How long will it take for all the bugs to be sorted out? I’m afraid the answer is impossible for me to give you. We might end up finding more bugs an year from now the same way we might not find any in the next six months.. unfortunately not all projects update at the same pace. I have an example of that in front of my eyes: my laptop’s HSDPA modem, that includes a GPS module, is well supported by the vanilla kernel, for what concerns the network connection… but at the same time, the GPS support is still lacking. While there is a project to support these cards the userland GPS driver still relies on HAL, rather than the new udev, which makes it quite useless for what I’m concerned.

So anyway, next time you write a build system, do not even consider uname … and if your build system rely on that, please fix it — and if you write an ebuild that relies on aleatory data such as uname results or presence of given files (which differs from given headers, be warned!), make sure that there is an override and .. use it.

Comments 8
  1. Diego, don’t you think that this bump in the version numbering scheme, even though it actually breaks some userspace, actually is a good thing? Well I do. If even key system components like udev rely on broken assumptions, forcing them to get fixed actually is a move to the better. And the fact that this also also helps cross compiling is a nice side effect bonus, especially in a world that becomes increasing virtualized, where cross compiling the one way or the other will become more common place.If your disagreement is meant to the addition of that curious legacy compatibility personality added recently, well thats a different point. It will help the lazy admins we are to bypass the runtime shortcommings of certain binary packages without hindering the mainstream to proceed, even though that’s basically a non-gentoo issue I assume.

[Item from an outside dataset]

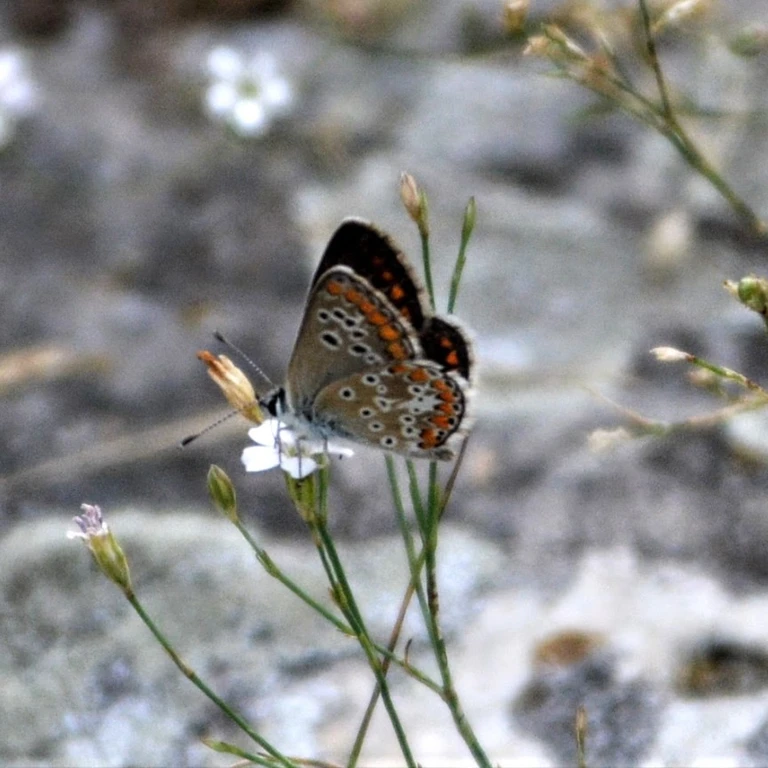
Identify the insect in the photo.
Aricia agestis/artaxerxes
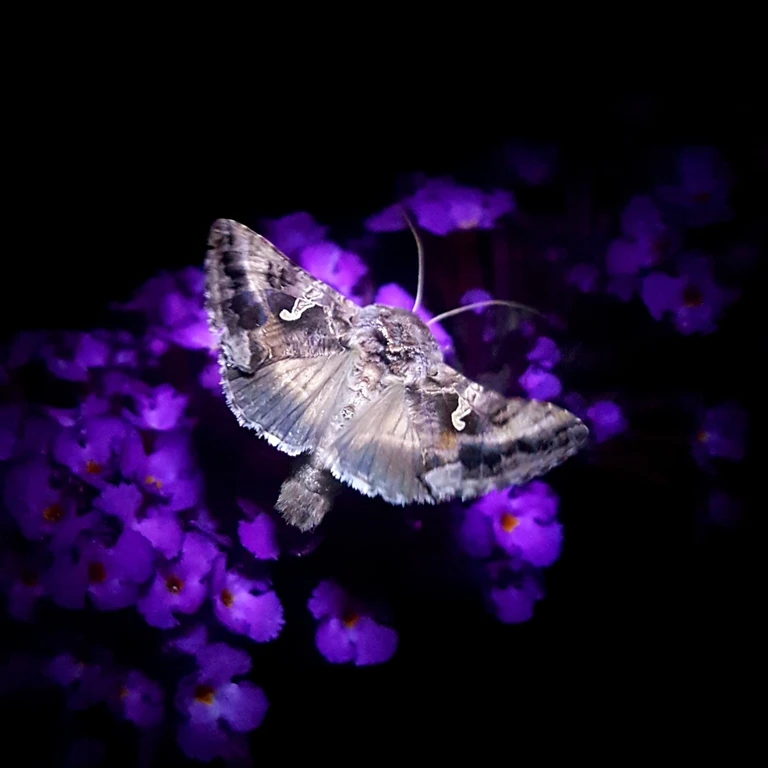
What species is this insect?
Autographa gamma

  2. I definitely do not think that it’s a good thing to break compatibility _without a forewarning and thinking about it_.It was *obvious* for a distribution developer what the change in versioning scheme would entails, but Linus only cared about the public facing changes, not what would change behind everybody’s back.This is the kind of work that requires planning, but there has been none, compatibility was broken without any planning and without the tools to identify said compatibility issues.

  3. Actually the fact that quite a lot of hardware that has had Linux 2.6(.0) support because it has some proprietary blob from early 2000’s is a good look obsolete now is a good sign – have you tried determining ink levels of an Epson printer – Epson provides software for Linux systems only it’s from time udev didn’t exist and doesn’t work with anything newer than dirt. The fact that there have been such serious changes to both kernel and userland pretty much warrants a major version number bump anyhow.

  4. The kernel guarantees backwards compatibility for it’s ABI . so if you know you rely on something that was new in 2.6.39 then doif ($x <= 2 && $y <= 6 && $z < 39) FAIL;else success!Future versions are guaranteed to work, so don’t even bother with guessing the versioning scheme of future kernels.

  5. Just because lazy programmers don’t consider updates is not a reason not to change the kernel version. That argument SHOULD have ended with the whole Y2K flap.

  6. I have run into this class of problems (“bug here”:https://bugs.gentoo.org/sho….This package fails subtly at build-time — it silently omits to compile a library, without producing an error.It also fails at runtime, with a nondescriptive NameError.Anyhow, this package can be fixed.What’s worrying me more is that this particular bug is a *second order* effect of the major number upgrade. Namely, a Python *compiled* under linux-3.x will have ‘linux3’ as its @sys.platform@. At least one package (pybluez) checks Python’s @sys.platform@ at compile-time and runtime and compares it to ‘linux2′.So now the bugs reproducability depends on the environment in which the Python interpreter was compiled — it has become detached of _the actual running kernels’ version_!.Subtle, indeed.